By: Nikki Alvin-Smith for Horsemen’s Laboratory Inc., Mahomet, IL.
The short answer is yes. The overuse of dewormers brings with it increasing likelihood of even larger equine internal parasite populations that have developed resistance to current dewormers on the market.
You’ve heard of Herbert Spencer’s ‘survival of the fittest’ and Darwin’s theories on evolution. Part of the survival process is successful reproduction. When you administer a dewormer product to your horse, it will necessarily be most effective against the adult sexually active worms that are the most sensitive, and it will leave behind those worms that are the most resistant. Now, you have created a selective breeding situation. These resistant adult worms will now mate together to create more highly dewormer resistant worms. Whoops!
As a result, eventually the dewormer will become useless as a method for treatment of worms in that equine population and their environment. As horses move around from place to place, these resistant worms are spread on the pasture to other grazing herds.

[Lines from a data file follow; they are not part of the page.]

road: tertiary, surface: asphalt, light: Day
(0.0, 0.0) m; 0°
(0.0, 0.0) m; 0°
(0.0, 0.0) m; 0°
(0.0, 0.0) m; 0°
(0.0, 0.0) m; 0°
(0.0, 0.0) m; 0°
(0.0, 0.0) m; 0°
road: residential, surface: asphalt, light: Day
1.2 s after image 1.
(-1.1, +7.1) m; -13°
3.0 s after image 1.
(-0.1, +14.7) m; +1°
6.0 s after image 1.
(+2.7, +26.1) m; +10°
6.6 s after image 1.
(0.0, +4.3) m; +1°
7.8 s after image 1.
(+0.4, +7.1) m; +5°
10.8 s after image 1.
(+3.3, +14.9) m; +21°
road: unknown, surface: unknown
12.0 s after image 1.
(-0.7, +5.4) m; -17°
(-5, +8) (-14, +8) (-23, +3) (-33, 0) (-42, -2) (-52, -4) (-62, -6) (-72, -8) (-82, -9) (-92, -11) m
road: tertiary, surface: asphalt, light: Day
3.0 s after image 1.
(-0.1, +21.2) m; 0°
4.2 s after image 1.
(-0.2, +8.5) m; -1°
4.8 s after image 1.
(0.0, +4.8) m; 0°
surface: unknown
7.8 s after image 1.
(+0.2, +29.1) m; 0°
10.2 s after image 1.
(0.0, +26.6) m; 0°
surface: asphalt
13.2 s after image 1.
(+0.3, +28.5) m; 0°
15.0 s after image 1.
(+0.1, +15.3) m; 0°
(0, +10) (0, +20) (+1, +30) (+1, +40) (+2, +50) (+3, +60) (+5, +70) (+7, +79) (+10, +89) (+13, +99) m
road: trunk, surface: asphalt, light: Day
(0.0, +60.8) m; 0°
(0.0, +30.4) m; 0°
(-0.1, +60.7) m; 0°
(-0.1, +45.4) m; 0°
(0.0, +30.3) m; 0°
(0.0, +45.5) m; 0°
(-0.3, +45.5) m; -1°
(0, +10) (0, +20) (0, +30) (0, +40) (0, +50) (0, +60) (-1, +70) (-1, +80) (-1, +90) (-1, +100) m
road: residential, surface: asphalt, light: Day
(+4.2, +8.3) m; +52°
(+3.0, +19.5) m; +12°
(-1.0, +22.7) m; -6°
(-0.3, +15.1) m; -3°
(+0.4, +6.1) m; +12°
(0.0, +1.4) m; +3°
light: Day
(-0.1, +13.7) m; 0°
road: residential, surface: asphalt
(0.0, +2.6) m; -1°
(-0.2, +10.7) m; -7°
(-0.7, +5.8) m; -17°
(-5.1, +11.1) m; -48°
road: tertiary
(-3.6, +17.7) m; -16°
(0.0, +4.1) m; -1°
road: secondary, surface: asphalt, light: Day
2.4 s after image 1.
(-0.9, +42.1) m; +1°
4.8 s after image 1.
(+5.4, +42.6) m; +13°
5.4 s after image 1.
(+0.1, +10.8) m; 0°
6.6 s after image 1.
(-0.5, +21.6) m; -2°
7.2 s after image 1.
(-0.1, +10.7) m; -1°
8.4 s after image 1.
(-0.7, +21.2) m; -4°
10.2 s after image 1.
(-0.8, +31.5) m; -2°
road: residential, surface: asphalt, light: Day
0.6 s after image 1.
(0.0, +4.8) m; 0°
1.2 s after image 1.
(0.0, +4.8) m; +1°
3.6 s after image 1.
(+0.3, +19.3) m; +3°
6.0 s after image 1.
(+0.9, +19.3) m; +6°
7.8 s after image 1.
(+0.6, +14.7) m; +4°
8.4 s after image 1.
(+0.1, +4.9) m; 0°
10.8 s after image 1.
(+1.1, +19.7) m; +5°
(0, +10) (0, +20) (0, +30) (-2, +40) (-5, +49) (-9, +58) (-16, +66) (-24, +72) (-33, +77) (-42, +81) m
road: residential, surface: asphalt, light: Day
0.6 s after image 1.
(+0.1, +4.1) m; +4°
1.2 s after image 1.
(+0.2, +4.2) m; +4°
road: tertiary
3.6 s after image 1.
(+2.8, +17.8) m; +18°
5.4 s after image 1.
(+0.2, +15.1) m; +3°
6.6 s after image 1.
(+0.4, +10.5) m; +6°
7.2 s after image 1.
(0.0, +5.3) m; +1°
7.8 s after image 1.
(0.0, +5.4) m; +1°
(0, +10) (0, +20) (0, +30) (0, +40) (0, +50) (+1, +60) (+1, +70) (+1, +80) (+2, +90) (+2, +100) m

Dr. John Byrd of Horsemen’s Laboratory, a leading laboratory in testing equine fecal samples for worm egg counts (F.E.C.T), has this to share:
“There are only 3 classes of drugs available in the USA, and there is already evidence that there is great deal of resistance to 2 classes in small strongyles. There is also some evidence of resistance in roundworms, and pinworms to the third class of drugs. Therefore, we must make every effort to slow or stop further development of resistance.”
“Fecal egg counts are the most important tool to slow the development of resistance in horse parasites. Doing fecal egg counts and using the knowledge that the result provides to owners can determine when and which horses need to be dewormed. This will greatly reduce the selective breeding of parasites for resistance.”
A blind man on a galloping horse can see the logic of this situation. You cannot tell if your horse is harboring a resistant worm population by looking at the gloss of his coat or the number of times he has succumbed to a colic attack. The only method to know the level of infection with worms, whether those worms are dewormer resistant, and whether any given equine individual is exposing another to infection, is by F.E.C.T.
Evidence based targeted dewormer protocols are more important than ever to the health of our horses. You can be part of the problem or part of the solution to slowing down the spread of dewormer resistance.